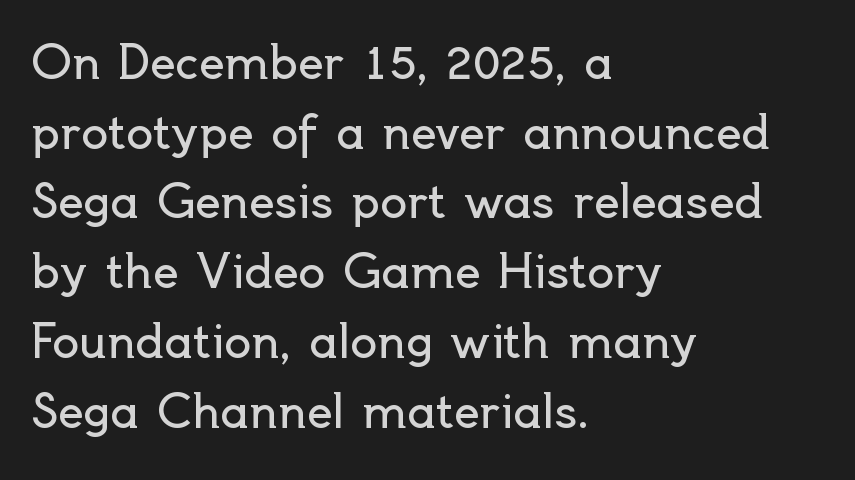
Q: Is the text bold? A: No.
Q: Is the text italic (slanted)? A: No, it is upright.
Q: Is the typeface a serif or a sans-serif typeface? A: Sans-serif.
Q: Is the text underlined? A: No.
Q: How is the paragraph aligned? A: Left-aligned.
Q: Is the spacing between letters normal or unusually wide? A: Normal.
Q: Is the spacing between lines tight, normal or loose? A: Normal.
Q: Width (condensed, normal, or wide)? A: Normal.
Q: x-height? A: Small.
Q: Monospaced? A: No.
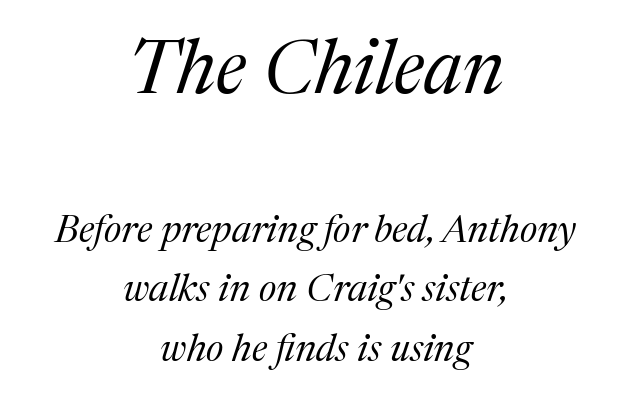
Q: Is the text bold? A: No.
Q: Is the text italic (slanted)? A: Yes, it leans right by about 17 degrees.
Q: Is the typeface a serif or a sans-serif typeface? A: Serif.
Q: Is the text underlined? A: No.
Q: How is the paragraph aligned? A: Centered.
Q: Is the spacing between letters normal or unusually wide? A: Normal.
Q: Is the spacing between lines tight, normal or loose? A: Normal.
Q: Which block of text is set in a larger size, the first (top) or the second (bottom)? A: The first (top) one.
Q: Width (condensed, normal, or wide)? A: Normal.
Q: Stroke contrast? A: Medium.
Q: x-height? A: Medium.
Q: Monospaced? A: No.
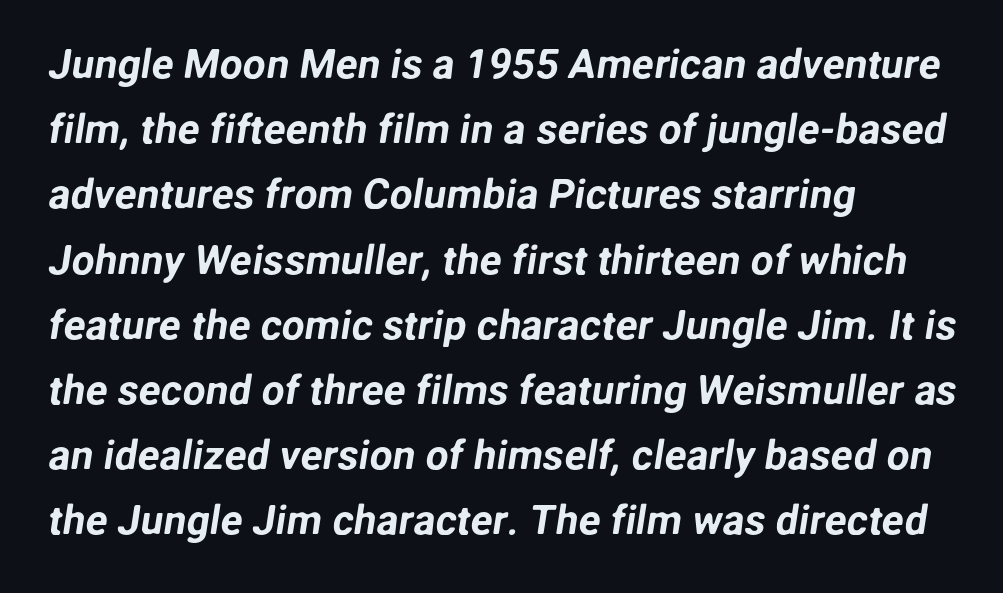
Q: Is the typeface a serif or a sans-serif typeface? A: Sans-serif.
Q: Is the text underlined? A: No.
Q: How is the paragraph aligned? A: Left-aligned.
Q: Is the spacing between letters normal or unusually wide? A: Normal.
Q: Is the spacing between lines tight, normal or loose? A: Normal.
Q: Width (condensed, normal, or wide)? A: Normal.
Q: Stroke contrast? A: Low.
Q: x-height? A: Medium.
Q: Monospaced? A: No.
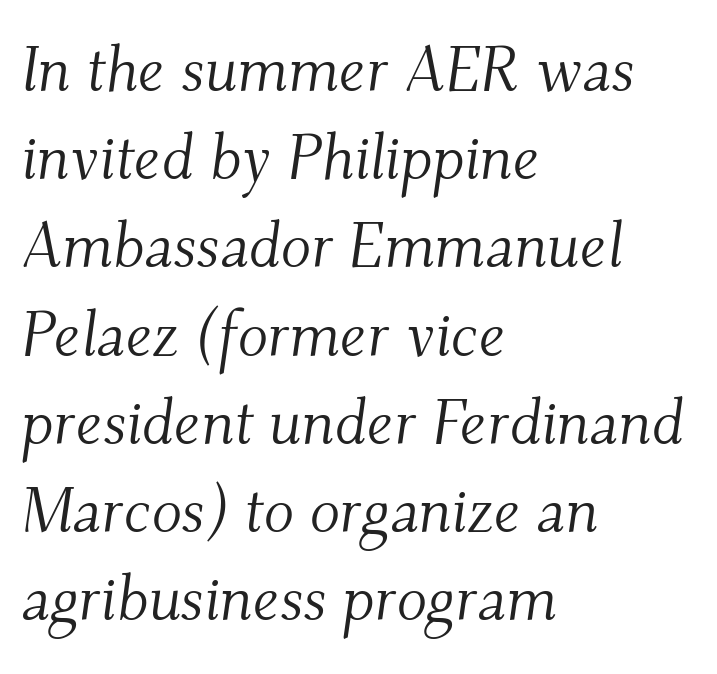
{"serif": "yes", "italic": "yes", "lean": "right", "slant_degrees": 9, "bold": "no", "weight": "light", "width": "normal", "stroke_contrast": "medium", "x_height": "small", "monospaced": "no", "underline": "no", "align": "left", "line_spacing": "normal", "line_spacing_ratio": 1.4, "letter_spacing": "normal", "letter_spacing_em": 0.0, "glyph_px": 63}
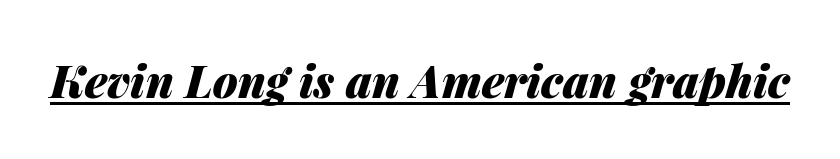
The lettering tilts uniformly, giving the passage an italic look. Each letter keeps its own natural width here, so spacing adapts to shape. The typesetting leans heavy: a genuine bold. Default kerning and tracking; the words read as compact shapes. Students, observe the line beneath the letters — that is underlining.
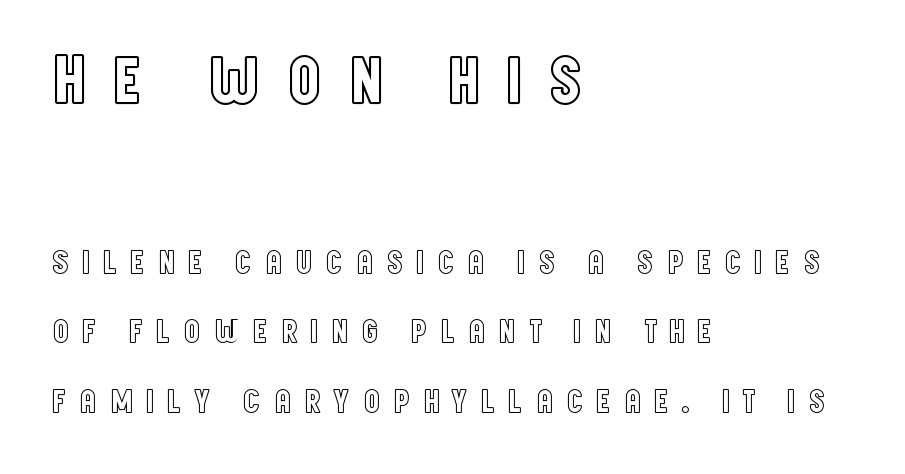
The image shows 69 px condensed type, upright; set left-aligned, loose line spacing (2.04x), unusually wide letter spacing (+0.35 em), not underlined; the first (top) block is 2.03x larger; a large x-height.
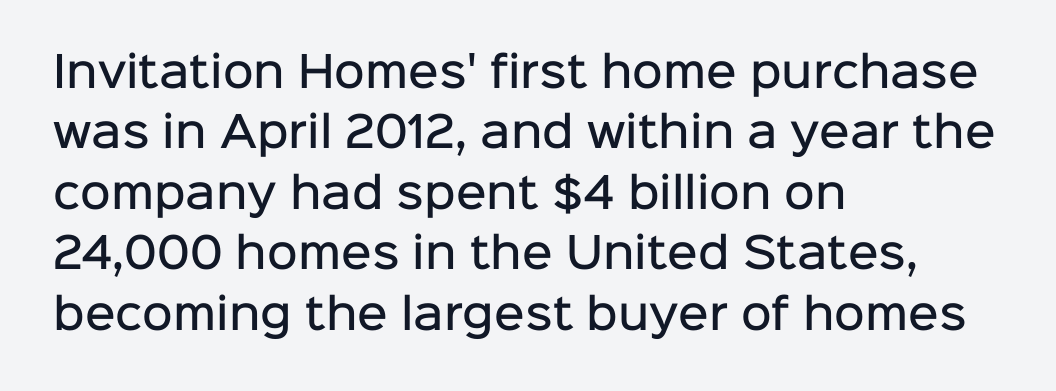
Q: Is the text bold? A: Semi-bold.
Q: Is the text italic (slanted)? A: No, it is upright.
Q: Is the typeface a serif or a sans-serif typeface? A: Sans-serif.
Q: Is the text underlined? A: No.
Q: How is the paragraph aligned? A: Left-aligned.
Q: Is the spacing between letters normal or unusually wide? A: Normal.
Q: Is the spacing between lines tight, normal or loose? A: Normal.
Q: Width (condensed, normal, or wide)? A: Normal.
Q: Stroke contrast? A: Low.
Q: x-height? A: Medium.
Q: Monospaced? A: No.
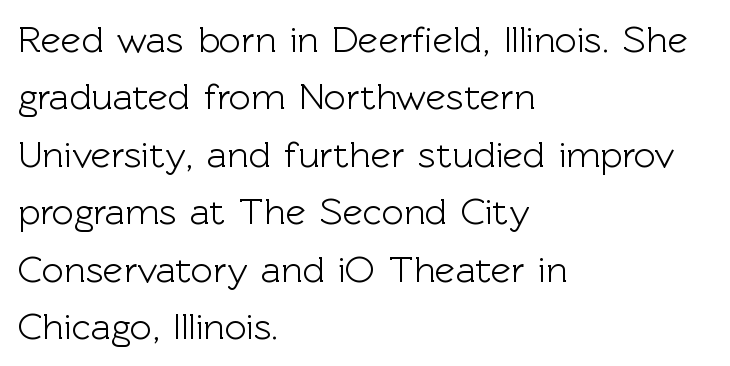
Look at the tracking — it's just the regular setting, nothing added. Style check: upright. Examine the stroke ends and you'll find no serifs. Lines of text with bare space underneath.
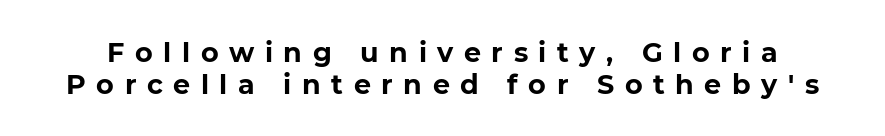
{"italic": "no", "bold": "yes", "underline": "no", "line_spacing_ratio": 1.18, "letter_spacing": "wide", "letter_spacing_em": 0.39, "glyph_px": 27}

▬▬▬▬▬▬▬▬▬▬

Only the pictures are to be left out; restate everything else in the listing word for word.

# [TASK SOLUTION]
Q: Is the text bold? A: No.
Q: Is the text italic (slanted)? A: No, it is upright.
Q: Is the typeface a serif or a sans-serif typeface? A: Sans-serif.
Q: Is the text underlined? A: No.
Q: How is the paragraph aligned? A: Left-aligned.
Q: Is the spacing between letters normal or unusually wide? A: Normal.
Q: Is the spacing between lines tight, normal or loose? A: Normal.
Q: Width (condensed, normal, or wide)? A: Normal.
Q: x-height? A: Small.
Q: Monospaced? A: No.
Q: Is the text bold? A: No.
Q: Is the text italic (slanted)? A: Yes, it leans right by about 17 degrees.
Q: Is the typeface a serif or a sans-serif typeface? A: Serif.
Q: Is the text underlined? A: No.
Q: How is the paragraph aligned? A: Centered.
Q: Is the spacing between letters normal or unusually wide? A: Normal.
Q: Is the spacing between lines tight, normal or loose? A: Normal.
Q: Which block of text is set in a larger size, the first (top) or the second (bottom)? A: The first (top) one.
Q: Width (condensed, normal, or wide)? A: Normal.
Q: Stroke contrast? A: Medium.
Q: x-height? A: Medium.
Q: Monospaced? A: No.
Q: Is the typeface a serif or a sans-serif typeface? A: Sans-serif.
Q: Is the text underlined? A: No.
Q: How is the paragraph aligned? A: Left-aligned.
Q: Is the spacing between letters normal or unusually wide? A: Normal.
Q: Is the spacing between lines tight, normal or loose? A: Normal.
Q: Width (condensed, normal, or wide)? A: Normal.
Q: Stroke contrast? A: Low.
Q: x-height? A: Medium.
Q: Monospaced? A: No.
{"serif": "yes", "italic": "yes", "lean": "right", "slant_degrees": 9, "bold": "no", "weight": "light", "width": "normal", "stroke_contrast": "medium", "x_height": "small", "monospaced": "no", "underline": "no", "align": "left", "line_spacing": "normal", "line_spacing_ratio": 1.4, "letter_spacing": "normal", "letter_spacing_em": 0.0, "glyph_px": 63}
The lettering tilts uniformly, giving the passage an italic look. Each letter keeps its own natural width here, so spacing adapts to shape. The typesetting leans heavy: a genuine bold. Default kerning and tracking; the words read as compact shapes. Students, observe the line beneath the letters — that is underlining.
The image shows 69 px condensed type, upright; set left-aligned, loose line spacing (2.04x), unusually wide letter spacing (+0.35 em), not underlined; the first (top) block is 2.03x larger; a large x-height.
Q: Is the text bold? A: Semi-bold.
Q: Is the text italic (slanted)? A: No, it is upright.
Q: Is the typeface a serif or a sans-serif typeface? A: Sans-serif.
Q: Is the text underlined? A: No.
Q: How is the paragraph aligned? A: Left-aligned.
Q: Is the spacing between letters normal or unusually wide? A: Normal.
Q: Is the spacing between lines tight, normal or loose? A: Normal.
Q: Width (condensed, normal, or wide)? A: Normal.
Q: Stroke contrast? A: Low.
Q: x-height? A: Medium.
Q: Monospaced? A: No.
Look at the tracking — it's just the regular setting, nothing added. Style check: upright. Examine the stroke ends and you'll find no serifs. Lines of text with bare space underneath.
{"italic": "no", "bold": "yes", "underline": "no", "line_spacing_ratio": 1.18, "letter_spacing": "wide", "letter_spacing_em": 0.39, "glyph_px": 27}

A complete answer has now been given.